Precalculus (6th Edition) Blitzer

Published by Pearson
ISBN 10: 0-13446-914-3
ISBN 13: 978-0-13446-914-0

Chapter 5 - Section 5.3 - Double-Angle, Power-Reducing, and Half-Angle Formulas - Exercise Set - Page 680: 51

Answer

The exact value of the trigonometric function $\cos \frac{\alpha }{2}$ is $\frac{7\sqrt{2}}{10}$.

Work Step by Step

Calculate the value of the hypotenuse.
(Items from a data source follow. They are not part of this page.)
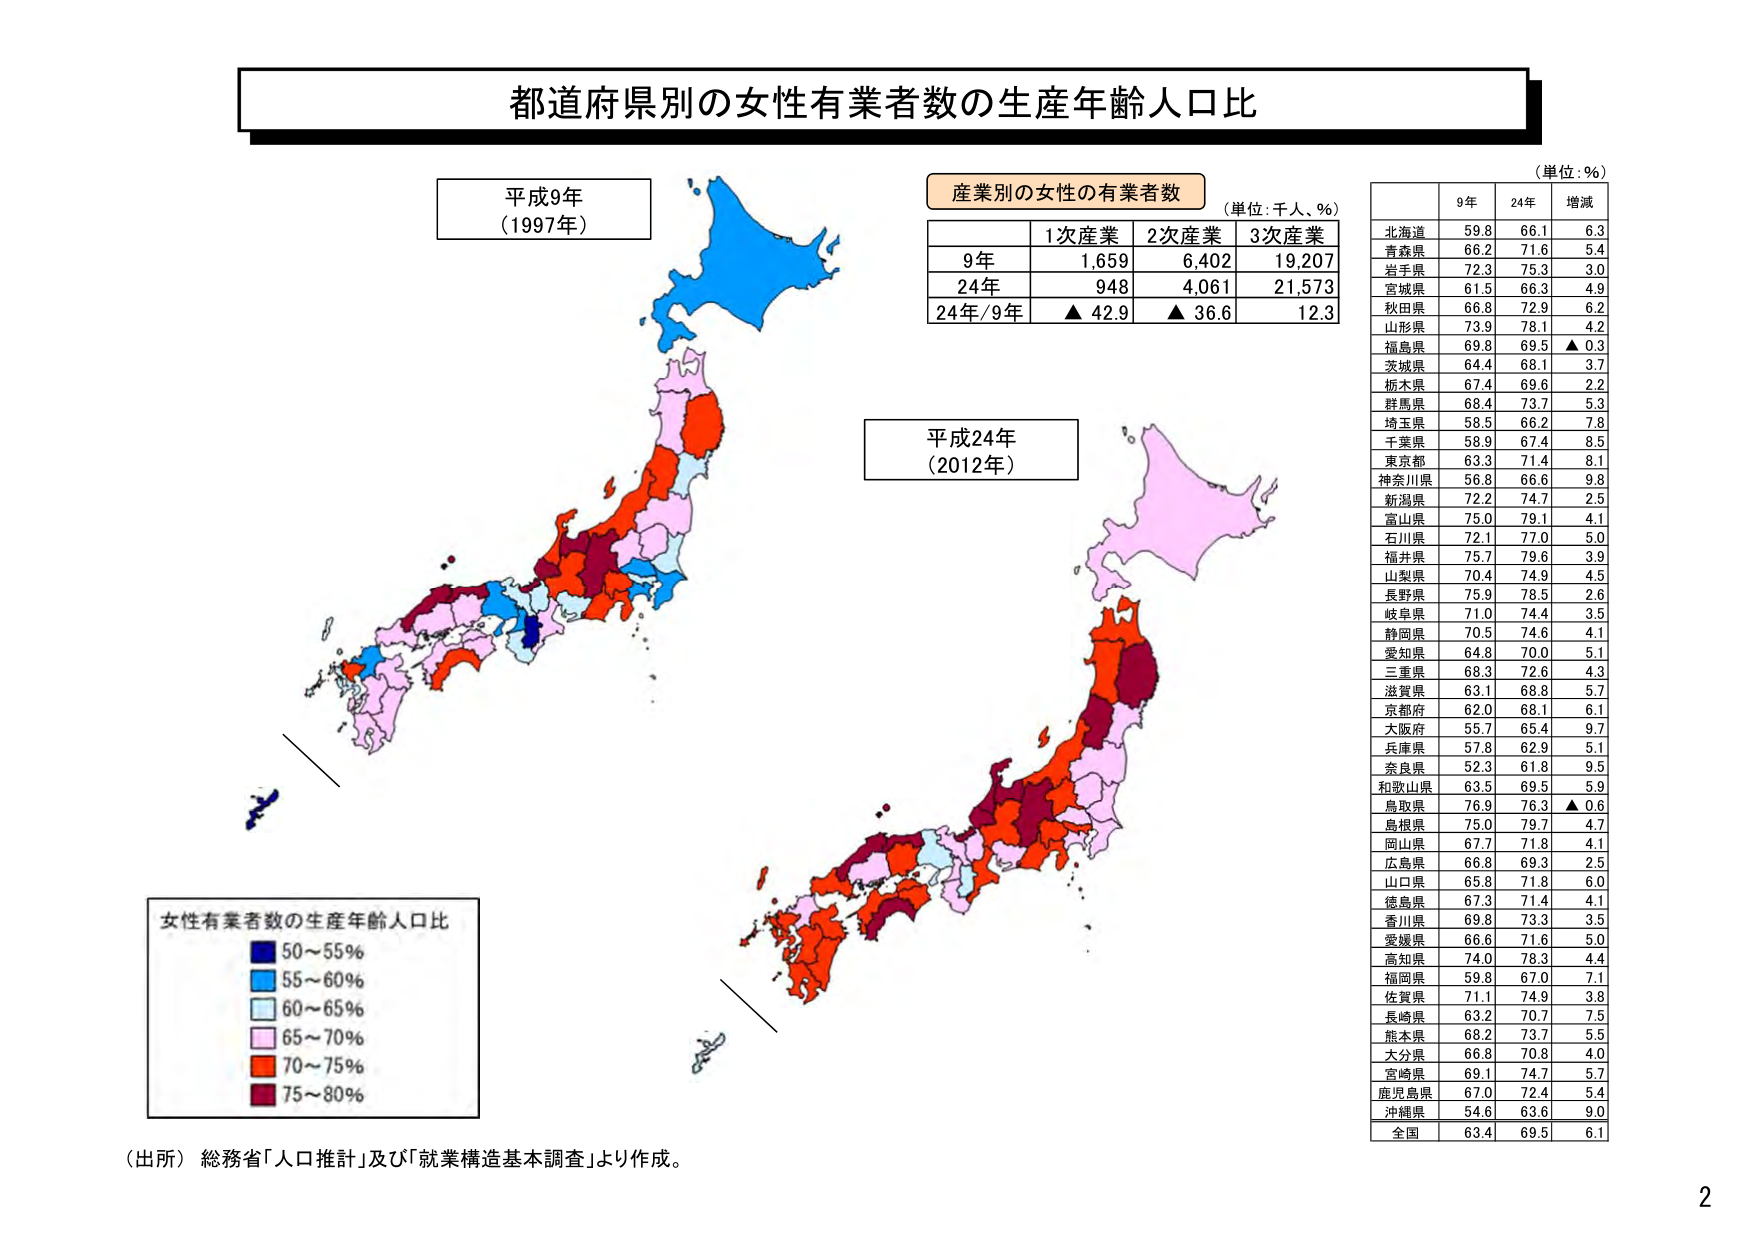
都道府県別の女性有業者数の生産年齢人口比

平成9年
（1997年）

産業別の女性の有業者数
（単位：千人、％）
　　1次産業　2次産業　3次産業
9年　1,659　　6,402　　19,207
24年　948　　4,061　　21,573
24年/9年　▲42.9　▲36.6　　12.3

平成24年
（2012年）

（単位：％）
　　　9年　　24年　　増減
北海道　59.8　　66.1　　6.3
青森県　66.2　　71.6　　5.4
岩手県　72.3　　75.3　　3.0
宮城県　61.5　　66.3　　4.9
秋田県　66.8　　72.9　　6.2
山形県　73.9　　78.1　　4.2
福島県　69.8　　69.5　　▲0.3
茨城県　64.4　　68.1　　3.7
栃木県　67.4　　69.6　　2.2
群馬県　68.4　　73.7　　5.3
埼玉県　58.5　　66.2　　7.8
千葉県　58.9　　67.4　　8.5
東京都　63.3　　71.4　　8.1
神奈川県　56.8　　66.6　　9.8
新潟県　72.2　　74.7　　2.5
富山県　75.0　　79.1　　4.1
石川県　72.1　　77.0　　5.0
福井県　75.7　　79.6　　3.9
山梨県　70.4　　74.9　　4.5
長野県　75.9　　78.5　　2.6
岐阜県　71.0　　74.4　　3.5
静岡県　70.5　　74.6　　4.1
愛知県　64.8　　70.0　　5.1
三重県　68.3　　72.6　　4.3
滋賀県　63.1　　68.8　　5.7
京都府　62.0　　68.1　　6.1
大阪府　55.7　　65.4　　9.7
兵庫県　57.8　　62.9　　5.1
奈良県　52.3　　61.8　　9.5
和歌山県　63.5　　69.5　　5.9
鳥取県　76.9　　76.3　　▲0.6
島根県　75.0　　79.7　　4.7
岡山県　67.7　　71.8　　4.1
広島県　66.8　　69.3　　2.5
山口県　65.8　　71.8　　6.0
徳島県　67.3　　71.4　　4.1
香川県　69.8　　73.3　　3.5
愛媛県　66.6　　71.6　　5.0
高知県　74.0　　78.3　　4.4
福岡県　59.8　　67.0　　7.1
佐賀県　71.1　　74.9　　3.8
長崎県　63.2　　70.7　　7.5
熊本県　68.2　　73.7　　5.5
大分県　66.8　　70.8　　4.0
宮崎県　69.1　　74.7　　5.7
鹿児島県　67.0　　72.4　　5.4
沖縄県　54.6　　63.6　　9.0
全国　　63.4　　69.5　　6.1

女性有業者数の生産年齢人口比
■ 50～55％
■ 55～60％
■ 60～65％
■ 65～70％
■ 70～75％
■ 75～80％

（出所）総務省「人口推計」及び「就業構造基本調査」より作成。

2

For the right angle triangle. $\text{hypotenuse}=\sqrt{\text{perpendicula}{{\text{r}}^{2}}+\text{bas}{{\text{e}}^{2}}}$ Substitute $24$ for the base and $7$ for the perpendicular. $\begin{align} & \text{hypotenuse}=\sqrt{{{\text{7}}^{2}}+\text{2}{{\text{4}}^{2}}} \\ & =\sqrt{625} \\ & =25 \end{align}$ Calculate the value of $\cos \frac{\alpha }{2}$. Recall the half angle formula. $\begin{align} & \cos \frac{\alpha }{2}=\sqrt{\frac{1+\cos \alpha }{2}} \\ & =\sqrt{\frac{1+\left( \frac{\text{base}}{\text{hypotenuse}} \right)}{2}} \end{align}$ Substitute $24$ for the base and $25$ for the hypotenuse. $\begin{align} & \cos \frac{\alpha }{2}=\sqrt{\frac{1+\left( \frac{\text{24}}{\text{25}} \right)}{2}} \\ & =\sqrt{\frac{49}{2\times 25}} \\ & =\frac{7}{5\sqrt{2}}\times \frac{\sqrt{2}}{\sqrt{2}} \\ & =\frac{7\sqrt{2}}{10} \end{align}$ Therefore, the exact value of the trigonometric function $\cos \frac{\alpha }{2}$ is $\frac{7\sqrt{2}}{10}$.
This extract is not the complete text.